Coal, Iron Ore, MINES and MINERALS, Mining royalty, R & R, Steel, Value Addition Comments Off on Salient points of the recommended new mineral policy

The economic times reports that the new mineral policy has been announced. Excerpts are mentioned in another post. Here, we list it’s salient features.

  • The GoM has accepted the views of the mining industry while recommending no changes in the guidelines for exports.[This decision supports POSCO’s case for captive mines]
  • More powers provided to state government. The state governments will be able to give preference to companies undertaking value addition within the state while allotting iron ore mines.
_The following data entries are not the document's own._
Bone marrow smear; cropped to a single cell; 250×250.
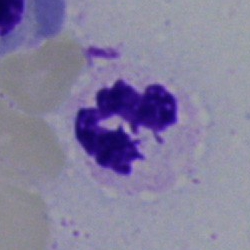
Q: What is shown here?
A: Polymorphonuclear neutrophil.
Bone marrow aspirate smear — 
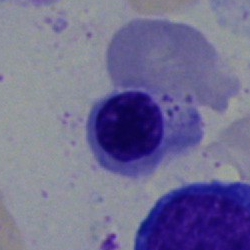

Classification = nucleated red blood cell.
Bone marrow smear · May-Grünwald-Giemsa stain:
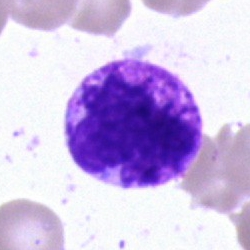Cell = basophil.

This will reduce standalone mines.
  • The policy will provide captive mines to all steel units in operation up to July 2006.[I’m not sure about it’s implications for POSCO]
  • The policy will now aim towards procedural simplification for attracting investments in the sector.
  • It will also benefit the states as under the new policy, the present system of specific rate royalty will shift to ad valorem rate of 7.5%.[This will have great benefits for Orissa and other mineral rich states]. Once notified, the proposal will increase royalty earnings by almost six times.
  • The states sitting over mining applications of companies will be penalised as delays will transfer their powers to the Centre.
  • Another important aspect of the new policy is that a process of competitive bidding can be initiated for allocation of captive coal blocks. This is presently done by a screening committee within the coal ministry. The bidding process will also be started for all other major minerals.
  • Besides, the government will auction mining areas where full prospecting has to be done.
  • Companies will have to earmark 3% of turnover for undertaking rehabilitation and resettlement of displaced people under a sustainable development model. However, the ministry of environment and forests will work out fresh guidelines separately to introduce environment-friendly mining practices in the industry.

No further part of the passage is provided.